Only Second Best
John Atwell | Canoga Park, CA USA | 01/05/2001
(2 out of 5 stars)
"Helffer is trying to make these masterworks his own - but at the expense of clarity. Boulez needs clarity of performance, otherwise these piano pieces could be written by anybody. Helffer rushes almost all the time. Sometimes his fingers are moving so fast that the notes literally don't speak. A good example is the 2nd Sonata, 2nd movement. In this slow movement, there is a frank passage of 4 against 3. Helffer can't really delineate this rhythm - compare this with the excellent Pollini reading, where this simple rhythm is fashioned into an apotheosis.Add to that (what seem to be) a few bad digital edits, and this disc is definitely second place. I don't know any better recording of the 1st or 3rd Sonatas, but Maurizio Pollini's 2nd Sonata is still the most breathtaking Boulez performance by a soloist."
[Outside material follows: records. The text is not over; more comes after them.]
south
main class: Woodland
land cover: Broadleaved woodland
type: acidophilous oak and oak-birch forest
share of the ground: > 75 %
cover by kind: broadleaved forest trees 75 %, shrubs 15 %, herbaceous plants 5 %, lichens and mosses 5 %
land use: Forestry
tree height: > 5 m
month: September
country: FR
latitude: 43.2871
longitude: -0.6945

Some problematics in conceptual trajectories = = =
scarecrow | Chicago, Illinois United States | 04/14/2006
(5 out of 5 stars)
"The First Sonata needs to find a conceptual place between its alternating lifeworlds of simplicity and brutality, the opening six ideas of the ringing sustained F# and D F to Eb, then the downward arpeggio,rapide in 32nd notes. Helffer is excellent. His interpretation must grow on you a bit. I initially thought as well all this speed served no function. You doiwant mystery in Boulez and multiplicities of momentum. Helffer instead gives us electrified timbres, with many times no discerable shapes.The balzing/blazing speed doesn't overdetermine,/predetermine the First as it would in the more sprawling bottle neck-violences of the Second Sonata.
I disagree on the merits of Pollini's reading of the Second Sonata. Pollini's Second is too cold and phanthom like, it produces clarity,yet no vision and little else, it doesn't move beyond the works uncompromising constitution,His Schoenberg is another story however.Perhaps the narrative there is more self-evident,more surface oriented.
For Boulez it is Yvonne Loriod. I prefer her, she came to understand the young Pierre deeply, touring with him even with his first book of 'structures', and the Yvonne's scope of the Second as enraged with a seeming endless resonance is remarkable,her rhytmic momentums she builds and dissaptes is also inspiring on the Second; if you can find it, it on an old Vega Vinyl.
Helffer ascends more to the indeterminate opulent elegant Third Sonata as Psi-Chen. This, the Third is now a completely different Boulez, with the path-breaking "Le Marteau sans Maitre" and the "structures" for two pianos under his experience as a composer.So the Third exploits more an indeterminate path,with greater arrays and layers of timbre, use of all the piano's pedals, articulation schemes, and opposing tropes of the sustained timbre to the arpeggiated ones. Marilyn Nonken also understands the Third, but Alas! no recordings only LIVE, In some respects you can clearly understand Helffer's penchant for pushing the speed in all these works in an irrational way, hurling fine exquisite lines, where the linear pitch logic comes to be reduced to its lowest common denominator.It pays quite little in interest in the Second, where the energized propelling motivics cells come to resemble simply mishapened noises. So the work is simply effect/affect. I think all these Sonatas work best with a sense of rhythmic freedom (within reason)something Boulez has/had cultivated his entire career.(Conducting Mahler for example, he finds where the freedom parts of the phrase exist in relation to the overall tempi, in"envelope" spaces) Yet the Loriod is truly indelible, you never forget it, yet Pollini is already forgotten, no impression Maurizio.Helffer has the courage to follow excitement."